Leaving out the images, please output every entry exactly as it appears.

[Task material]

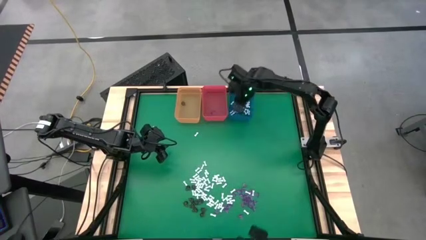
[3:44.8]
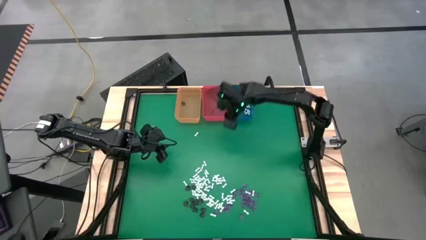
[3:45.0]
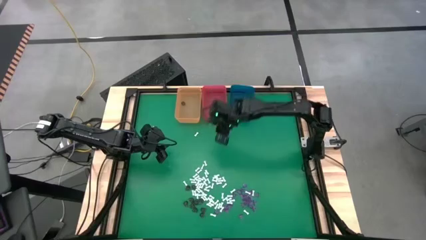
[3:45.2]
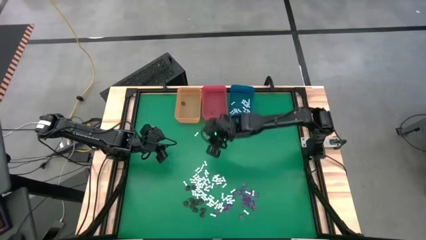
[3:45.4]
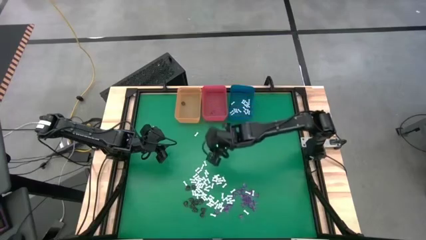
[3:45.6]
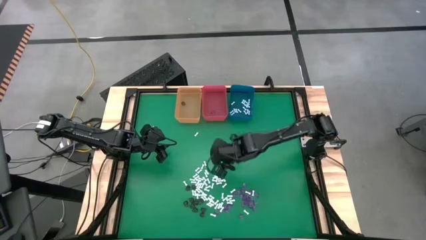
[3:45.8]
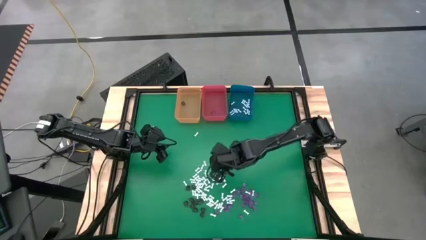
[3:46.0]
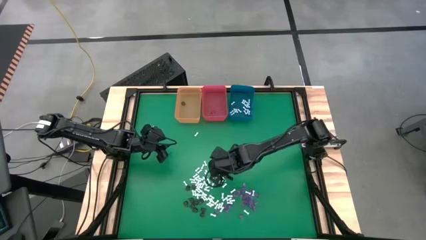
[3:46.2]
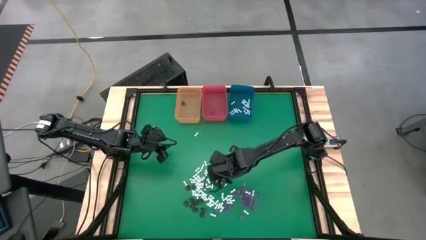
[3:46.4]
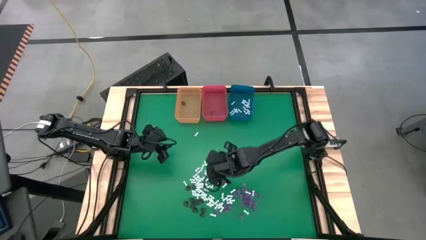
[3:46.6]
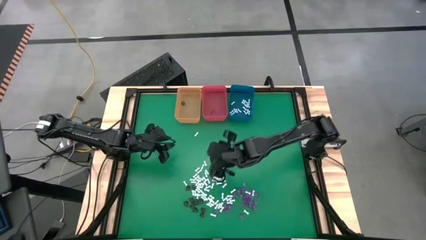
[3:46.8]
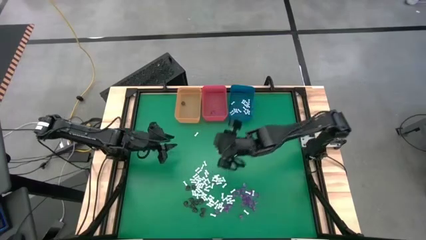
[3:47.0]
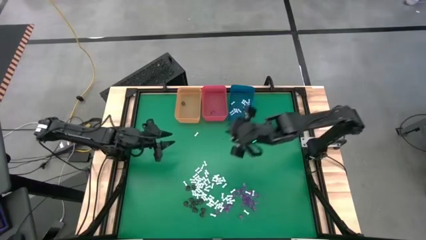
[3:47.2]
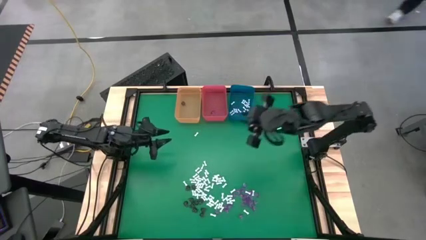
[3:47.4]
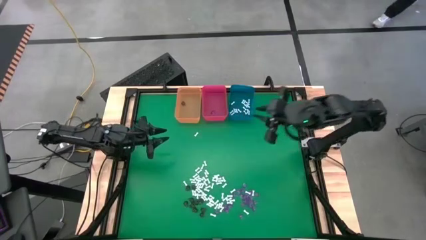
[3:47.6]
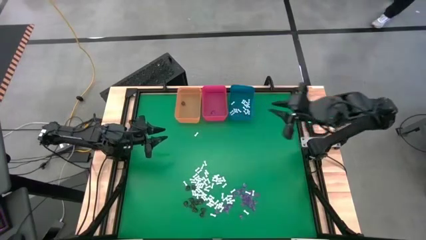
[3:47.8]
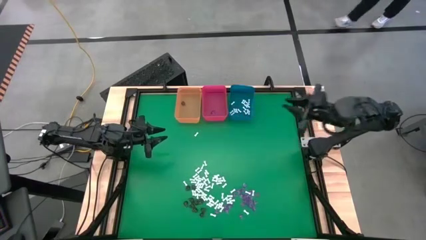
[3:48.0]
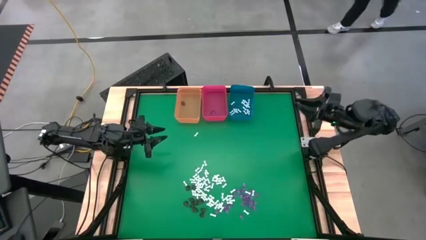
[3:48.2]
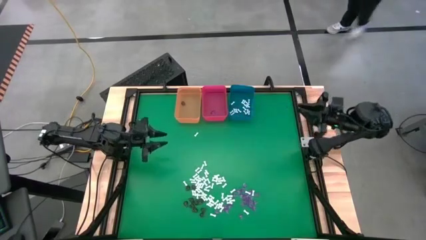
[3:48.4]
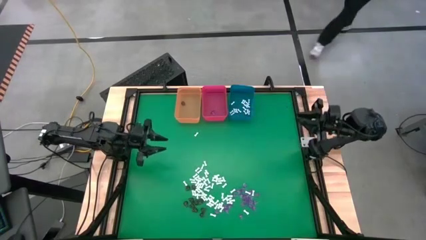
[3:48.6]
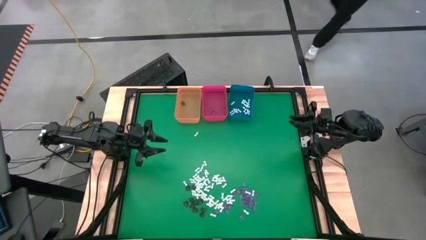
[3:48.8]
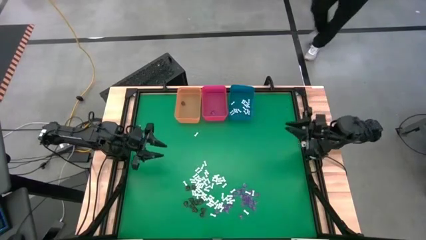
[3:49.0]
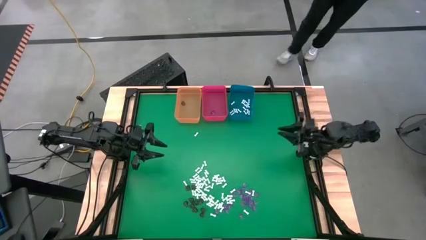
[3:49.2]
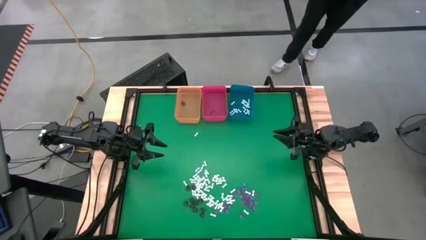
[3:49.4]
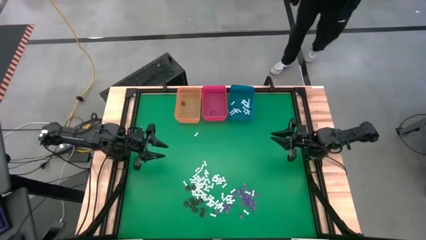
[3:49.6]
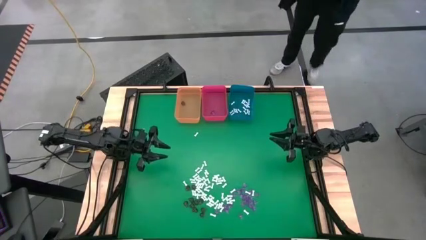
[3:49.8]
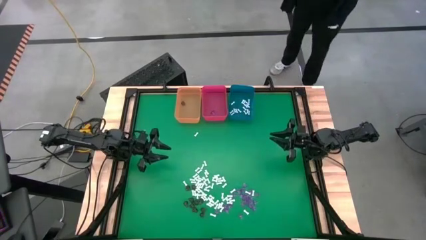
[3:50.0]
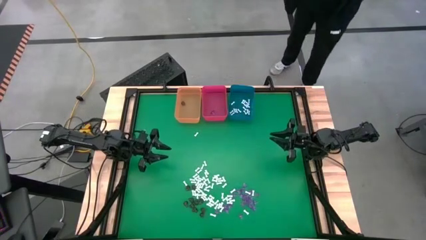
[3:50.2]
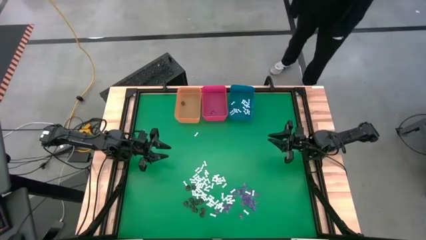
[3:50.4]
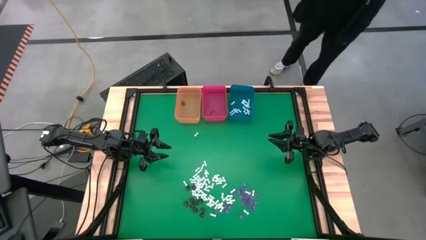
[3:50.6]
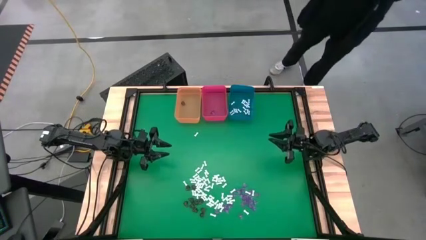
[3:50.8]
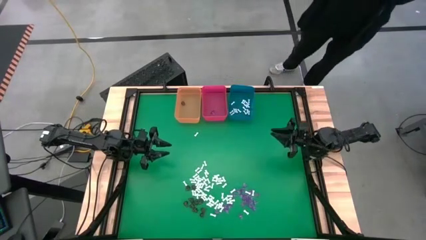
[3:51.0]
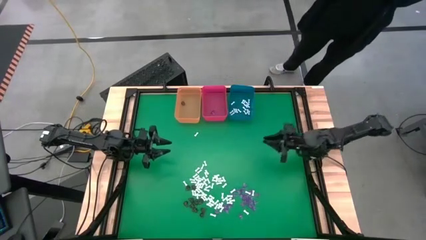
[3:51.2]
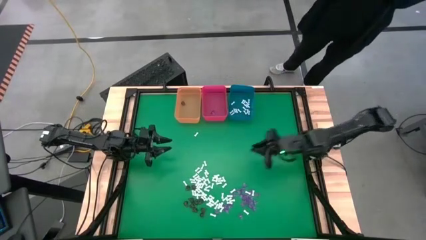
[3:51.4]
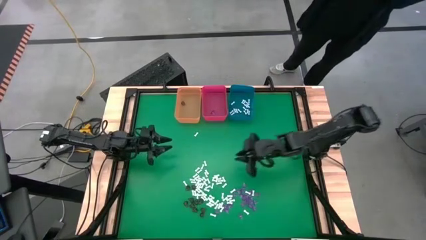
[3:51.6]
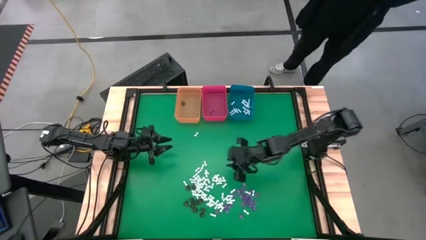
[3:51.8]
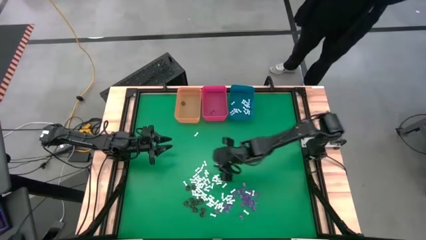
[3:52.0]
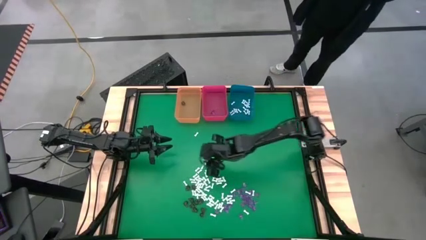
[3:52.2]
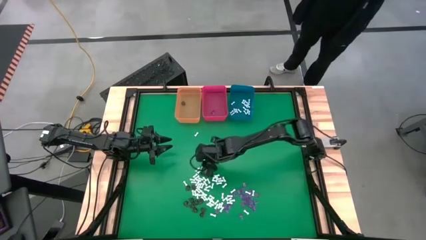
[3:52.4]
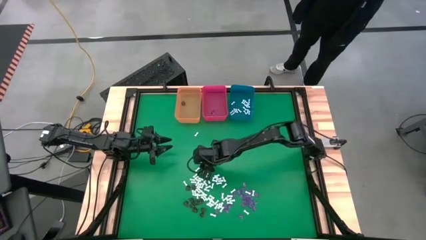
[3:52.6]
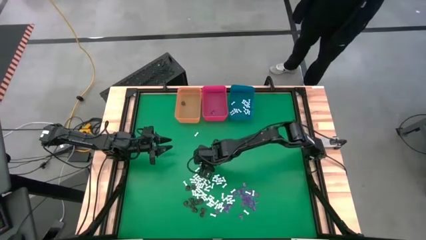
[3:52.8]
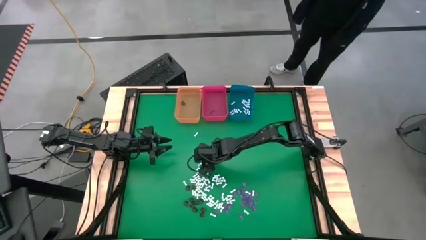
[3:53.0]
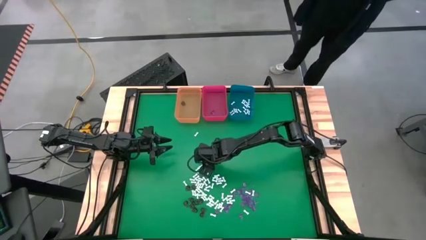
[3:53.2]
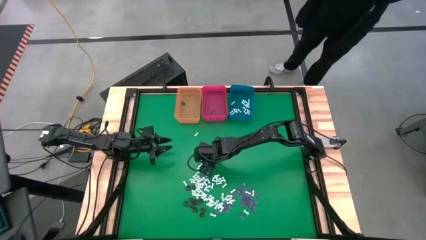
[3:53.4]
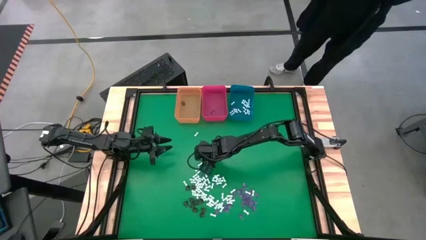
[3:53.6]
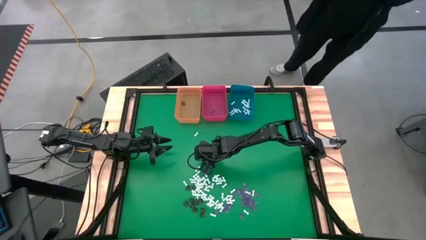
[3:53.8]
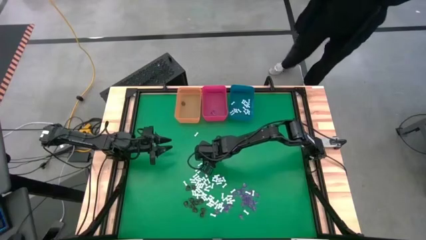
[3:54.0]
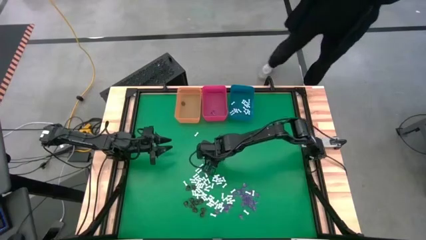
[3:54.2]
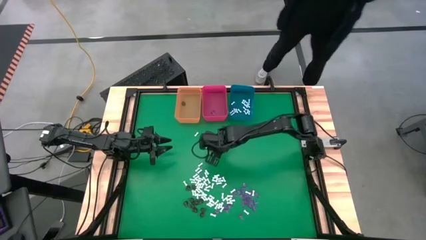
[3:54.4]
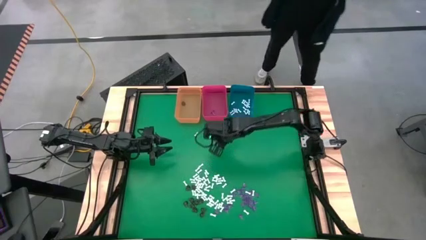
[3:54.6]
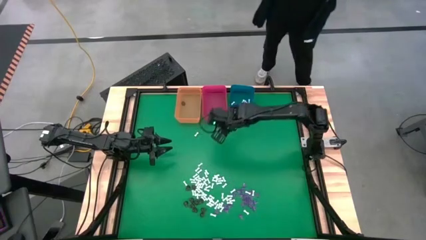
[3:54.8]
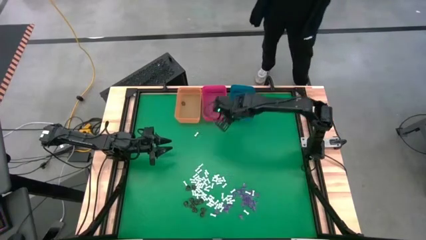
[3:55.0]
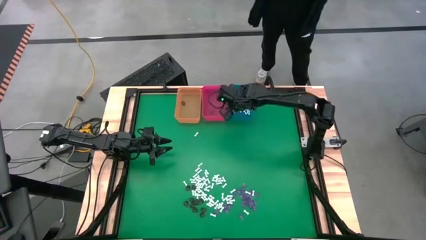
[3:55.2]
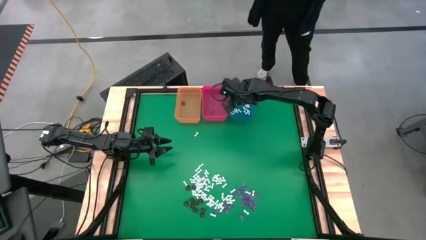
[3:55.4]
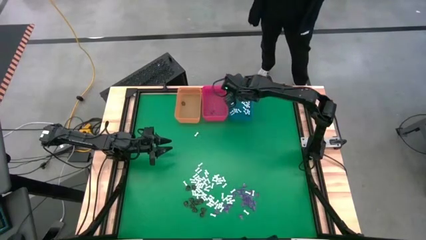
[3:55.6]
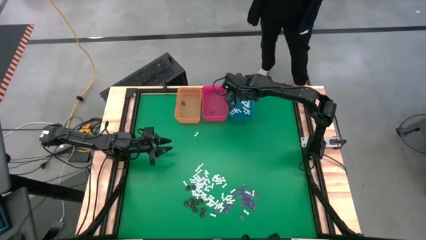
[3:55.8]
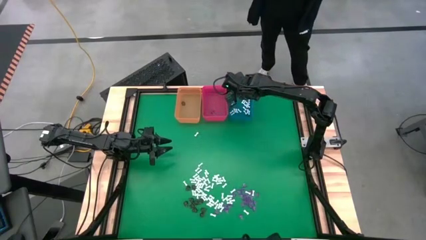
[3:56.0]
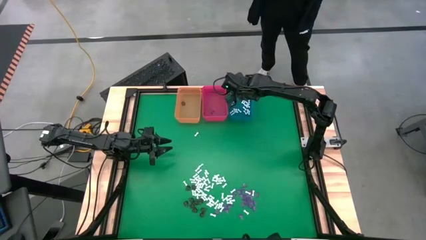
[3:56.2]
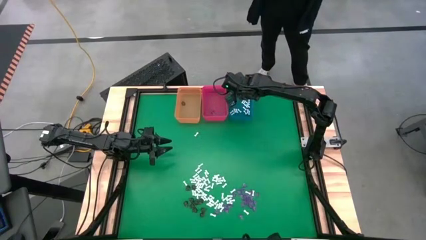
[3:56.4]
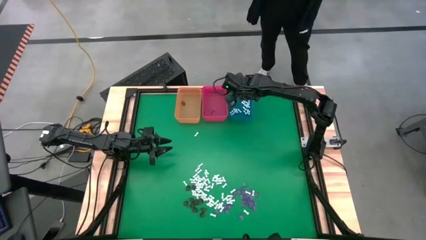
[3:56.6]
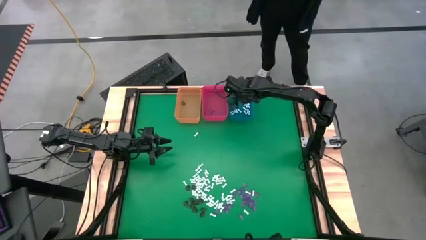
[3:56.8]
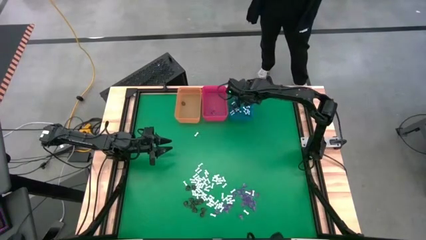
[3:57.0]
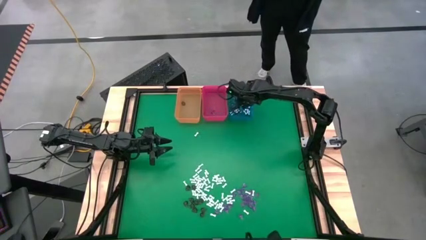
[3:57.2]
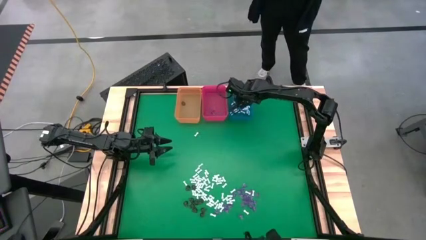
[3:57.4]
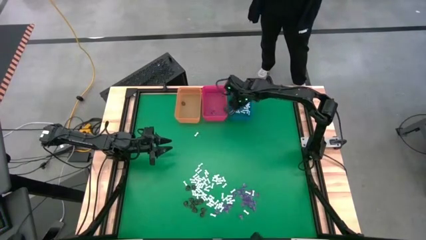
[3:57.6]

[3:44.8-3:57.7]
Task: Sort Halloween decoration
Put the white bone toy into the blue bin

[/Task material]

Finished exercise
[3:44.8]
[3:45.0]
[3:45.2]
[3:45.4]
[3:45.6]
[3:45.8]
[3:46.0]
[3:46.2]
[3:46.4]
[3:46.6]
[3:46.8]
[3:47.0]
[3:47.2]
[3:47.4]
[3:47.6]
[3:47.8]
[3:48.0]
[3:48.2]
[3:48.4]
[3:48.6]
[3:48.8]
[3:49.0]
[3:49.2]
[3:49.4]
[3:49.6]
[3:49.8]
[3:50.0]
[3:50.2]
[3:50.4]
[3:50.6]
[3:50.8]
[3:51.0]
[3:51.2]
[3:51.4]
[3:51.6]
[3:51.8]
[3:52.0]
[3:52.2]
[3:52.4]
[3:52.6]
[3:52.8]
[3:53.0]
[3:53.2]
[3:53.4]
[3:53.6]
[3:53.8]
[3:54.0]
[3:54.2]
[3:54.4]
[3:54.6]
[3:54.8]
[3:55.0]
[3:55.2]
[3:55.4]
[3:55.6]
[3:55.8]
[3:56.0]
[3:56.2]
[3:56.4]
[3:56.6]
[3:56.8]
[3:57.0]
[3:57.2]
[3:57.4]
[3:57.6]

[3:44.8-3:57.7]
Task: Sort Halloween decoration
Put the white bone toy into the blue bin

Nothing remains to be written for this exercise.